▸ **ACTIVITY**
Please report every line in the entries that contains the string "begin".

▸ **DATASET RECORDS**
##############################

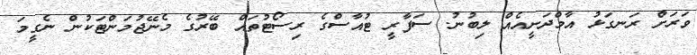
ވަރަށް ރަނގަޅު އާމްދަނީއެއް ލިބުނު. ސަފާރީ ޓުއާސްގެ ރިސޯޓުތައް ބޭރުގެ މެނޭޖުމަންޓަކުން ނެގީމަ
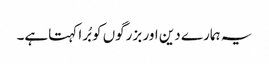
یہ ہمارے دین اور بزرگوں کو بُرا کہتاہے۔
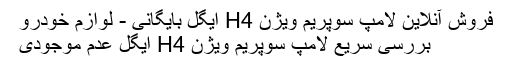
فروش آنلاین لامپ سوپریم ویژن H4 ایگل بایگانی - لوازم خودرو
بررسی سریع لامپ سوپریم ویژن H4 ایگل عدم موجودی
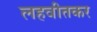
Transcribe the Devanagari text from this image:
लहवीतकर
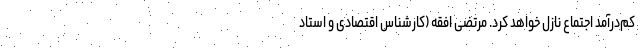
کم‌درآمدِ اجتماع نازل خواهد کرد. مرتضی افقه (کارشناس اقتصادی و استاد
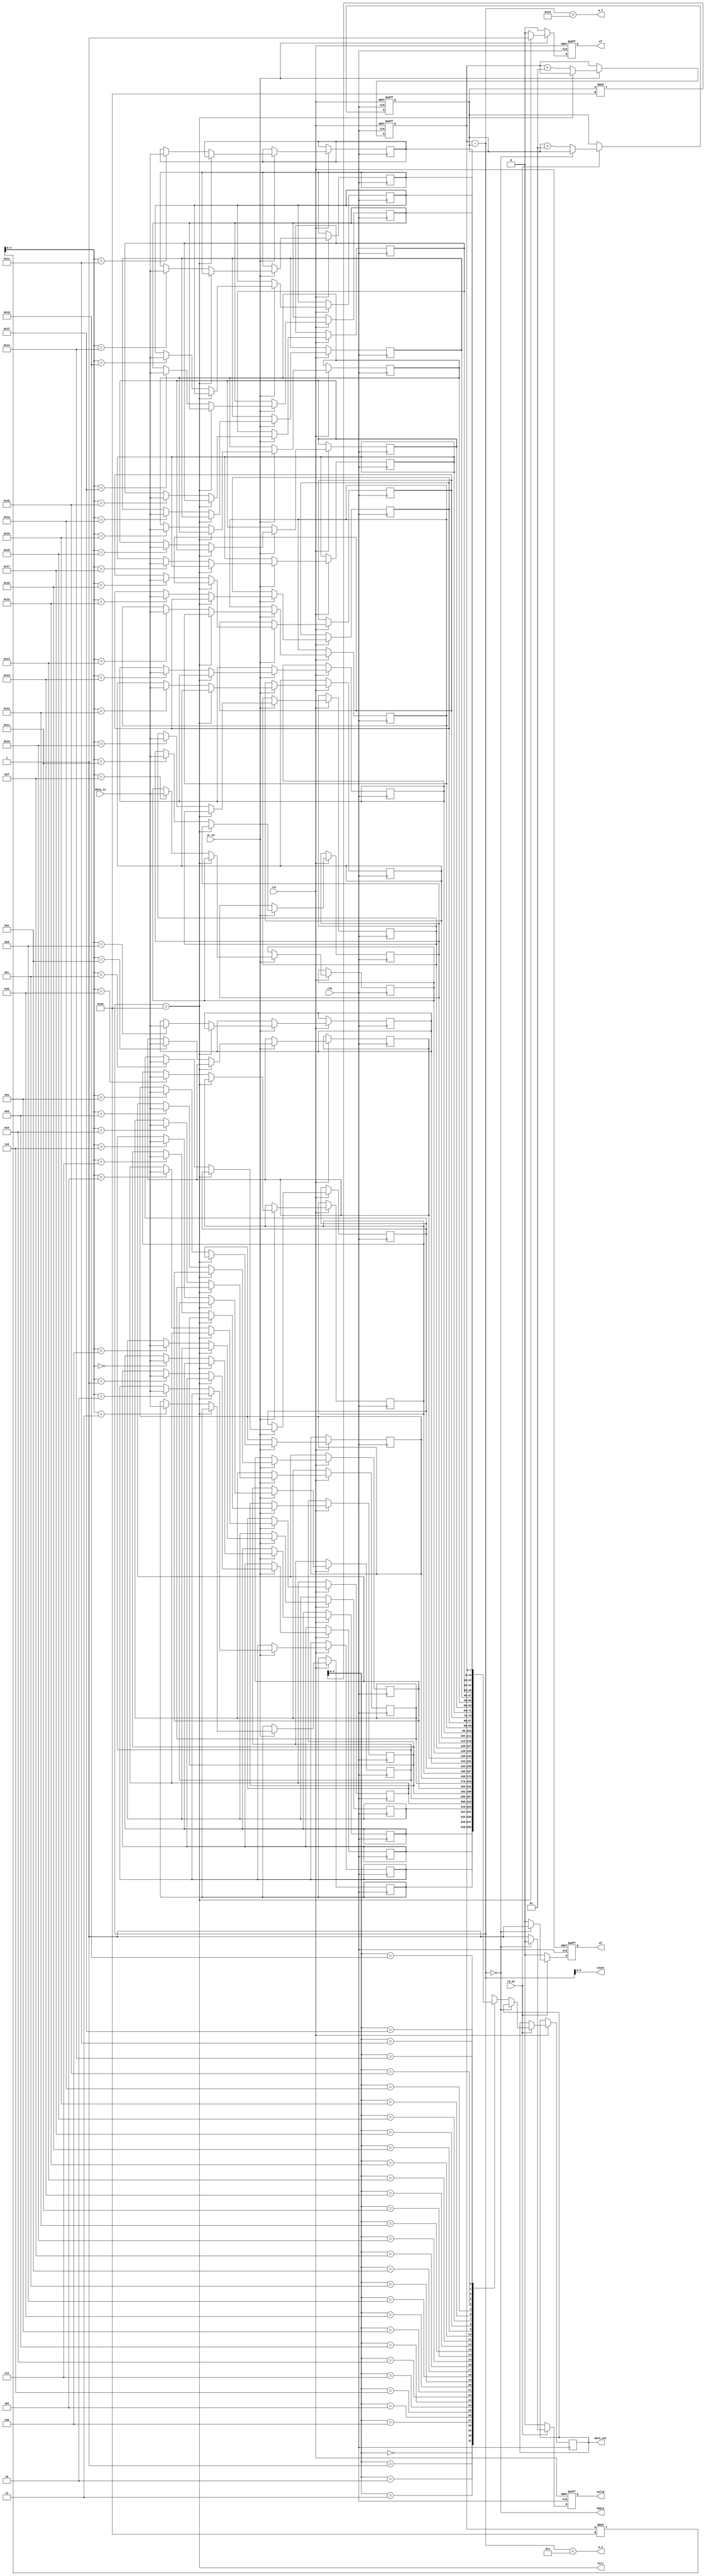
/******************************************************************************
*** 																        ***
*** ECE 526 L Experiment #9             Jose Luis Martinez, Spring, 2021    ***
***                                                                         ***
*** Experiment 9 - Parameterized Synchronous FIFO                           ***
***                                                                         ***
*******************************************************************************
***                                                                         ***
******************************************************************************/

module sync_fifo(data_in, clk, wr_en, rd_en, rst, data_out, 
	             empty, a_e, full, a_f, valid, of, uf, count);
	parameter WIDTH = 8;
	parameter DEPTH = 32;
	parameter ALMOST = 2;
	input clk, wr_en, rd_en, rst;
	input [WIDTH-1: 0]data_in;
	output reg empty, a_e, full, a_f;
	output reg of, uf, valid; 
	output reg [$clog2(DEPTH):0] count;
	output reg [WIDTH-1:0]data_out;

	integer i;

	reg [WIDTH-1:0] fifo_data [0:DEPTH-1];
	integer writecount, readcount;
	reg [$clog2(DEPTH):0] wr_ptr, rd_ptr;

	initial begin
		data_out <= {WIDTH-1{1'b0}};
		of <= 0;
		uf <= 0;
		writecount <= {$clog2(DEPTH){1'b0}};
		readcount <= {$clog2(DEPTH){1'b0}};
	end

	always@(posedge clk, negedge rst) begin
		valid <= 0;
		of <= 0;
		uf <= 0;
		if(!rst) begin
			writecount <= 0;
			readcount <= 0;
		end else begin

			if(wr_en) begin
				if(full) begin of <= 1; end
				else begin
					`ifdef FWFT
					if(empty) begin 
						data_out <= data_in; 
					end
					`endif
					fifo_data[wr_ptr] <= data_in;
					writecount <= writecount + 1; 
				end
			end

			if(rd_en) begin
				if(empty) begin uf <= 1; end
				else begin
					valid <= 1;
					data_out <= fifo_data[rd_ptr];
					readcount <= readcount + 1;
				end
			end
		end
	end

	always@(readcount, writecount) begin
		wr_ptr <= writecount%DEPTH;
		rd_ptr <= readcount%DEPTH;

		full <= (writecount - readcount) == DEPTH;
		empty <= (writecount - readcount) == 0;
		a_f <= (writecount - readcount) > DEPTH - ALMOST - 1;
		a_e <= (writecount - readcount) < ALMOST + 1;
		count <= writecount - readcount;
	end

endmodule

##############################

▸ **EXERCISE ANSWER**
	initial begin
	always@(posedge clk, negedge rst) begin
		if(!rst) begin
		end else begin
			if(wr_en) begin
				if(full) begin of <= 1; end
				else begin
					if(empty) begin 
			if(rd_en) begin
				if(empty) begin uf <= 1; end
				else begin
	always@(readcount, writecount) begin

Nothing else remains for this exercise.